Combined glycyrrhizin, tenofovir therapy safe and effective in SAE of chronic hepatitis B
Early introduction of glycyrrhizin in combination with tenofovir in the treatment of patients with severe acute exacerbation (SAE) of chronic hepatitis B (CHB) is safe and effective, reducing serum transaminases rapidly in the first 2 weeks when compared with tenofovir alone, according to the results of an open-label trial.
In a cohort of 60 patients (77 percent male) with SAE of CHB, those treated with tenofovir plus intravenous glycyrrhizin (glycyrrhizin arm; n=30) fared significantly better in terms of the primary endpoint of a reduction in serum levels of aspartate aminotransferase (AST) and alanine aminotransferase (ALT) and in model for end-stage liver disease (MELD) score compared with patients given tenofovir alone (tenofovir only arm; n=30). The reductions were observed at day 3 and were sustained thereafter until day 15 (p<0.05 for all). [Clin Trans Gastroenterol 2017;doi:10.1038/ctg.2017.29]
Specifically, significant improvements in MELD score were observed as early as the first week of treatment in the glycyrrhizin arm, whereas no changes from baseline were seen at weeks 1 and 2 in the tenofovir only arm. By week 24, one patient (33 percent) in the glycyrrhizin arm died while three died and one underwent liver transplant in the tenofovir only arm.
MELD score emerged as an independent factor for mortality or receipt of liver transplantation (p=0.021) in multivariate Cox proportional hazards analysis. The rates of grade 3 hypertension, hypokalaemia and ascites did not differ significantly between the two treatment arms.

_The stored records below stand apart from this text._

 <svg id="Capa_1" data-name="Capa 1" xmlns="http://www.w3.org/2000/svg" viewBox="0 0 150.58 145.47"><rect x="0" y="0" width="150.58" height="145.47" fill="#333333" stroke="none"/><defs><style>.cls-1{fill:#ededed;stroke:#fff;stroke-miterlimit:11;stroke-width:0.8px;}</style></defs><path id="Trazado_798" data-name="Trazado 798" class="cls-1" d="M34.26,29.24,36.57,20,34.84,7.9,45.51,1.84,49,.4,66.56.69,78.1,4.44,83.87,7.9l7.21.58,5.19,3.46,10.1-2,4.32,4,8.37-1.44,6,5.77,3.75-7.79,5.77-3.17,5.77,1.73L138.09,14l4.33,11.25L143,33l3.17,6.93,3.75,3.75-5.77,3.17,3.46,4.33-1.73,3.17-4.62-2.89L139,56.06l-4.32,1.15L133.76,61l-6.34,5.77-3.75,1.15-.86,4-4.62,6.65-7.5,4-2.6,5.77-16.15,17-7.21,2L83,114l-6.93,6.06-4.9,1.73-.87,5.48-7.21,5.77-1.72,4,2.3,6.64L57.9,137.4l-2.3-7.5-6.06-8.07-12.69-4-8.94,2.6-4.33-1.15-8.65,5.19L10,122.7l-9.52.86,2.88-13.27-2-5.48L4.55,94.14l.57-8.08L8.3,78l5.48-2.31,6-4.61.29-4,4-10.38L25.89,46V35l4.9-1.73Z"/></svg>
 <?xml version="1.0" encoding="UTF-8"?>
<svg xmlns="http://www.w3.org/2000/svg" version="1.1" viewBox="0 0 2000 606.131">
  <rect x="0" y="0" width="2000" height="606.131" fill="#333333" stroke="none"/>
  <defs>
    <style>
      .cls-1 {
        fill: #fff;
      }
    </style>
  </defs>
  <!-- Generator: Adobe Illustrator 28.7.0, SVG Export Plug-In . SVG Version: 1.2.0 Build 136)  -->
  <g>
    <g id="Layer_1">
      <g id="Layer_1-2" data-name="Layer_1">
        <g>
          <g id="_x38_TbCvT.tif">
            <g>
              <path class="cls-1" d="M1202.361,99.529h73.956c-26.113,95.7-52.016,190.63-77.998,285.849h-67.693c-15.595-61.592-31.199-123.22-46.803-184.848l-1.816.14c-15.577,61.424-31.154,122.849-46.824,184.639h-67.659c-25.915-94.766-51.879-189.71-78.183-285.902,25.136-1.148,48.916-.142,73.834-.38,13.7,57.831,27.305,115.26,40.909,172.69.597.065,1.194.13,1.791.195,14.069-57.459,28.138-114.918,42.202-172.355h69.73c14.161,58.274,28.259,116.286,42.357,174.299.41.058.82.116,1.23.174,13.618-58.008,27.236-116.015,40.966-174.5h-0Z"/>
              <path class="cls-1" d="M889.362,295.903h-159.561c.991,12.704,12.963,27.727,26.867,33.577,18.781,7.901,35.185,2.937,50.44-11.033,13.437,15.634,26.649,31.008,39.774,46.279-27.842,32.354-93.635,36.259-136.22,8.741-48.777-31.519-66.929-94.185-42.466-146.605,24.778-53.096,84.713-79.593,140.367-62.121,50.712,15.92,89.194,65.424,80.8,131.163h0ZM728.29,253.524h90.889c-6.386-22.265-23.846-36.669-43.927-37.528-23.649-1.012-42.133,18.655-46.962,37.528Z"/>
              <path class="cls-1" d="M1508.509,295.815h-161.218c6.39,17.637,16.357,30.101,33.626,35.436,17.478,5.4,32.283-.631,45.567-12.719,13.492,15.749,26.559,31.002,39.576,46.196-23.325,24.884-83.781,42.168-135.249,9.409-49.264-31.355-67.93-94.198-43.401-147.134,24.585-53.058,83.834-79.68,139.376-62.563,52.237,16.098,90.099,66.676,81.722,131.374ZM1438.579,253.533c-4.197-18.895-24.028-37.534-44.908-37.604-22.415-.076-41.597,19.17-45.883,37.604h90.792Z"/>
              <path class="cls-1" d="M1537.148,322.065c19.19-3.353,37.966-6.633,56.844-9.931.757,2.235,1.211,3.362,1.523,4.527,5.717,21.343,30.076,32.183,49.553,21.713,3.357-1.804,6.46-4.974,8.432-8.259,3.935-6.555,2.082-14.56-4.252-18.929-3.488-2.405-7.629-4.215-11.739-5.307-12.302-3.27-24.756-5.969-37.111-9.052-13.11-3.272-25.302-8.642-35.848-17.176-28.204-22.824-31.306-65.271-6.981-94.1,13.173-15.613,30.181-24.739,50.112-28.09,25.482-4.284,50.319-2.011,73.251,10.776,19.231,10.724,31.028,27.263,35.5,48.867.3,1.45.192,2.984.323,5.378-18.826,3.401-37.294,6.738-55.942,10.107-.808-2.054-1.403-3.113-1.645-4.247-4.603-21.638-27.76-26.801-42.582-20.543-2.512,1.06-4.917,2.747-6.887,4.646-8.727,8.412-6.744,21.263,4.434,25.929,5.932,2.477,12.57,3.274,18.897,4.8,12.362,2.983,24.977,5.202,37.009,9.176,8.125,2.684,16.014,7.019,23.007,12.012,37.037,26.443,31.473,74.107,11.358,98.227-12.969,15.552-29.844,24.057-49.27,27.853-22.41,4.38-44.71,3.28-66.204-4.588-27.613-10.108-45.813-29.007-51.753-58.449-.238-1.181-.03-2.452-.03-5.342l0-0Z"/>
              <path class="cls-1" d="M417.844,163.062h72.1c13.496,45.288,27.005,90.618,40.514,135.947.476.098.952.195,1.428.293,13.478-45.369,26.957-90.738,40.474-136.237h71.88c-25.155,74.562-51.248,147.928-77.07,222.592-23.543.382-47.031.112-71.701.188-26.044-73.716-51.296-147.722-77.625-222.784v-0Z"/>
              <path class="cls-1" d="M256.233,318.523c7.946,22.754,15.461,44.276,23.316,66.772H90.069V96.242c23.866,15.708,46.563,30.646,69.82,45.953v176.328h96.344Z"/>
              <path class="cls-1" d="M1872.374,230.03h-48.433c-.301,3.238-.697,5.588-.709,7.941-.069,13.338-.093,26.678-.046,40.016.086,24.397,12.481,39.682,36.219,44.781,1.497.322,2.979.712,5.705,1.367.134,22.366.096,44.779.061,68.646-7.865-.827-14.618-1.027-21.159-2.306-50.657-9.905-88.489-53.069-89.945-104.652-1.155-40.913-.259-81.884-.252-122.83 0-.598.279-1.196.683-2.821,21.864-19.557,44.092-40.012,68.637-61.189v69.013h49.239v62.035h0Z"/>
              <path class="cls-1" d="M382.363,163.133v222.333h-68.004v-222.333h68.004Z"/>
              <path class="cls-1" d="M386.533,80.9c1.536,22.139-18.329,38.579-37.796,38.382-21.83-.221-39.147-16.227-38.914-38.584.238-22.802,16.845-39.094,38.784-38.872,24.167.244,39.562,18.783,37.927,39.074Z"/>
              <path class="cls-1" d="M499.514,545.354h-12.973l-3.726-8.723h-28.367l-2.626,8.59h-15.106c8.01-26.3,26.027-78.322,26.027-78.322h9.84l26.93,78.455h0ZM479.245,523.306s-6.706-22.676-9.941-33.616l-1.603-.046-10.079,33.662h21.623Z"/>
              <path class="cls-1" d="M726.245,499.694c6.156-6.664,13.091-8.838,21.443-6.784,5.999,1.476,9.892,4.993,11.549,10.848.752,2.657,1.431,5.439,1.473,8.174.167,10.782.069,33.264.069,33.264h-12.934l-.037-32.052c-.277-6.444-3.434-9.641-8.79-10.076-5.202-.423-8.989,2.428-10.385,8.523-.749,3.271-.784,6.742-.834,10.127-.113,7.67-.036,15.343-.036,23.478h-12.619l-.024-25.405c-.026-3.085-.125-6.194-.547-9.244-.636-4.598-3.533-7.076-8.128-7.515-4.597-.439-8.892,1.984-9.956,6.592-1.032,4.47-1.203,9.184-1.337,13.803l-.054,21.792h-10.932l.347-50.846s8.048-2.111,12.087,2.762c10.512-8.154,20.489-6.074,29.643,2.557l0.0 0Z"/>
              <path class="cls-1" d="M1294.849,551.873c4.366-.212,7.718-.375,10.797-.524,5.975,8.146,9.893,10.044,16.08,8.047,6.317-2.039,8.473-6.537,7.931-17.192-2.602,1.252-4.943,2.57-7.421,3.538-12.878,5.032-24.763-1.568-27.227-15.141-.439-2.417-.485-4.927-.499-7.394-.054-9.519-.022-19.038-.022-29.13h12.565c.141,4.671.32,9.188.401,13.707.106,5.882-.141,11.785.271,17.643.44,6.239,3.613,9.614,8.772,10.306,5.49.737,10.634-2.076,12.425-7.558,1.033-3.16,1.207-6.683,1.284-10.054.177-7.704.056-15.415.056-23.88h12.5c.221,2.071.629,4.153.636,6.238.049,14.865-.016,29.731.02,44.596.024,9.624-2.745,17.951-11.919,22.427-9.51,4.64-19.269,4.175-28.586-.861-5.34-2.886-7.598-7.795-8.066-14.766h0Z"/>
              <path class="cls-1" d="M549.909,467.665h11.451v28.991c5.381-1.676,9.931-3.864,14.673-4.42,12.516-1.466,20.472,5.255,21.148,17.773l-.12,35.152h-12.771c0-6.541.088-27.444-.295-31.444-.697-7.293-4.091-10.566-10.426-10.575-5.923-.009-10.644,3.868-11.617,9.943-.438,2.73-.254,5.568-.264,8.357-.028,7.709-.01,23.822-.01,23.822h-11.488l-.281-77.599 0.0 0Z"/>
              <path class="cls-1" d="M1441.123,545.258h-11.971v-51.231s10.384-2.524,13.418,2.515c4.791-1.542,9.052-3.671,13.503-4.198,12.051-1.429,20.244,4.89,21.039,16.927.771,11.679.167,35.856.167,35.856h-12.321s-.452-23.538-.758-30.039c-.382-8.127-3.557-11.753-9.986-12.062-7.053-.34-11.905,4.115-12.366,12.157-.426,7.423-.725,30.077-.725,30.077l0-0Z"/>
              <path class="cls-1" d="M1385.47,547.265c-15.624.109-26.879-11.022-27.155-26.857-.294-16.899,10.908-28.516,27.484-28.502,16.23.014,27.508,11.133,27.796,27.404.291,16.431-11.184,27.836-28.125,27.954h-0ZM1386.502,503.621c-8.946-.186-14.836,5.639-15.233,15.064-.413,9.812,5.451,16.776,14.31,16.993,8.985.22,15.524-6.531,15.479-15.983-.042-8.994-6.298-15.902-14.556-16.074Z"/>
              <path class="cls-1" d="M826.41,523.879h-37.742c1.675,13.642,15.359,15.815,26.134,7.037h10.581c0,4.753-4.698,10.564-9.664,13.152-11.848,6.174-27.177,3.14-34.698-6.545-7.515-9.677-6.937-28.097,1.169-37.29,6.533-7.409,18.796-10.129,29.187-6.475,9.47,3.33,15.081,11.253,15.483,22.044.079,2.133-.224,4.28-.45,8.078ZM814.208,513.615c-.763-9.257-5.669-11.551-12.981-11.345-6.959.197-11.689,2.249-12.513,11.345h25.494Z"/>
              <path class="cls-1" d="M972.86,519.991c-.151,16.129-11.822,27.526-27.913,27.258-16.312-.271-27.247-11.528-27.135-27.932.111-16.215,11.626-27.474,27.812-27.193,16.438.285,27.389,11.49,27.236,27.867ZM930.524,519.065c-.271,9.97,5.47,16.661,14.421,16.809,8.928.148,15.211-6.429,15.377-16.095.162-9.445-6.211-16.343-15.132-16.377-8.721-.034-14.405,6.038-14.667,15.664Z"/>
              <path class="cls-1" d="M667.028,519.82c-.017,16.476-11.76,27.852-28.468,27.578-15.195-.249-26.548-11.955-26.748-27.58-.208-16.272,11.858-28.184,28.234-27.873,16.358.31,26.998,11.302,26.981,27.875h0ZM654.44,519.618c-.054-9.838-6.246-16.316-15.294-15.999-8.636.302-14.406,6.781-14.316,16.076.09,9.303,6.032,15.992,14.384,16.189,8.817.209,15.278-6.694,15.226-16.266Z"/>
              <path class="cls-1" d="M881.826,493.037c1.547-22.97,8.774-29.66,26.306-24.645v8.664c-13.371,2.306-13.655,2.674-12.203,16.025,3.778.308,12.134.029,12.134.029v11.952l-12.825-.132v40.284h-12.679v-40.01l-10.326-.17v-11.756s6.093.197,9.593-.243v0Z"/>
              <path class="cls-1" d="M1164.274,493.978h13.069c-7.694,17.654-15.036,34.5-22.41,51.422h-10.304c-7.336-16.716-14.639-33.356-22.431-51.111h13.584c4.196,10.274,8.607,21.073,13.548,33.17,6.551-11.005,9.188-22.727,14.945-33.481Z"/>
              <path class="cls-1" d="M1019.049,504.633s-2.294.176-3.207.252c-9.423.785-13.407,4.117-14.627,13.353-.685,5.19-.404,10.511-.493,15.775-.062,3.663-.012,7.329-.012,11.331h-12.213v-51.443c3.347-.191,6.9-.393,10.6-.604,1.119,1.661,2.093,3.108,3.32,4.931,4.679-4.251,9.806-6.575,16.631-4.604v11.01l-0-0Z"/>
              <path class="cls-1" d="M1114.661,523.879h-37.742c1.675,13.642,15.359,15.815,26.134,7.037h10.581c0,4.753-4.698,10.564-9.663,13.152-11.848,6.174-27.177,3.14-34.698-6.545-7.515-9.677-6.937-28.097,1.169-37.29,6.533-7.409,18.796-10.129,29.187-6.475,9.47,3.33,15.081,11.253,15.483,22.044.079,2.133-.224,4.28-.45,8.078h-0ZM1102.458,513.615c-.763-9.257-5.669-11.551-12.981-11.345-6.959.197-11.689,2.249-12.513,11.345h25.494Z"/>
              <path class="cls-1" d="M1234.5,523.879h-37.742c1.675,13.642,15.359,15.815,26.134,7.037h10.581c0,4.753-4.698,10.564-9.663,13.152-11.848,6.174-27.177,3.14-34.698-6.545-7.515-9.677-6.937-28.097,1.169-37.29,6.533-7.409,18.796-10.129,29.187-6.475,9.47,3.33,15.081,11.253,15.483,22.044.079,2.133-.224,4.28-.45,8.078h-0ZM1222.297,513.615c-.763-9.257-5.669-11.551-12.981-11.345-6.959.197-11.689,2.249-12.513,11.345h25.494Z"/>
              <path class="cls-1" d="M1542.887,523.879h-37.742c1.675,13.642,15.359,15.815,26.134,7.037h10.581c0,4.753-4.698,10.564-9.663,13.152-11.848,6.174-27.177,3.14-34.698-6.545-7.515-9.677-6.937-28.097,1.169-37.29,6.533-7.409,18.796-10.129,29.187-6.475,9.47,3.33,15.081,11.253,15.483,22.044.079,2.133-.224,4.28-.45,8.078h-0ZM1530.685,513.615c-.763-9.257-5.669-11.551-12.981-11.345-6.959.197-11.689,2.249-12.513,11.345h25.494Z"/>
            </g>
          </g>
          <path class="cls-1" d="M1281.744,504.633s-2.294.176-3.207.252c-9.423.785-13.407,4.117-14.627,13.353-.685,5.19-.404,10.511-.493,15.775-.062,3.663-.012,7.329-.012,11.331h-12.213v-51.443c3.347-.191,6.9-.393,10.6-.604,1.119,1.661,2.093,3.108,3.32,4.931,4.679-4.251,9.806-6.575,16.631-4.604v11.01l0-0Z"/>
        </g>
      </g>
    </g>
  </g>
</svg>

Patients in the glycyrrhizin arm had a mean age of 49.1 years, while those in the tenofovir only arm had a mean age of 45.3 years. Tenofovir was administered at 300 mg daily in both arms, while the glycyrrhizin arm was given 10 days of intravenous glycyrrhizin. Mean baseline MELD score was 16.7 in the glycyrrhizin arm vs 17.4 in the tenofovir only arm, with 13 overall having MELD score >20. All patients were followed for at least 24 weeks from treatment initiation.
“Despite no statistical significance in mortality/transplantation-free rate, our data provide the first evidence that glycyrrhizin can significantly improve MELD score, even in more severe cases with higher baseline MELD score (>20),” the investigators said.
“In general, glycyrrhizin was safe and well tolerated. Although glycyrrhizin could induce hypokalaemia (<3.5 mmol/l), most patients had a mild degree without clinical symptoms,” they added.
An aqueous extract of liquorice root, glycyrrhizin has been shown to be hepatoprotective in vitro. This effect is achieved by supposedly preventing changes in cell membrane permeability and providing membrane stabilization, as have been demonstrated in previous animal studies. [World J Gastroenterol 2007;13:462–466; Arch Histol Cytol 2008;71:163–178]
“In a recent small study, corticosteroid treatment in combination with nucleotide analogue has sufficient virological effect against SAE of CHB, and a rapid decline of HBV-DNA is conspicuous in [survivors]. However, the increased risk of infectious complications after corticosteroid treatment should be a serious concern, particularly because sepsis is one of the most important causes of death in CHB with SAE,” the investigators noted. [J Viral Hepat 2015;22:94–102; World J Gastroenterol 2012;18:5078–5083]
“By contrast, our study medication ‘glycyrrhizin’ appears to be safe and the expected side effects associated with pseudoaldosteronism are usually minor and reversible,” they said.
Given the presence of limitations in the study, including the relatively small sample size and a follow-up duration that prevented assessment of long-term impact of the study medication on progression of liver disease, the investigators said additional studies are warranted to further examine the survival benefit of glycyrrhizin in CHB with SAE.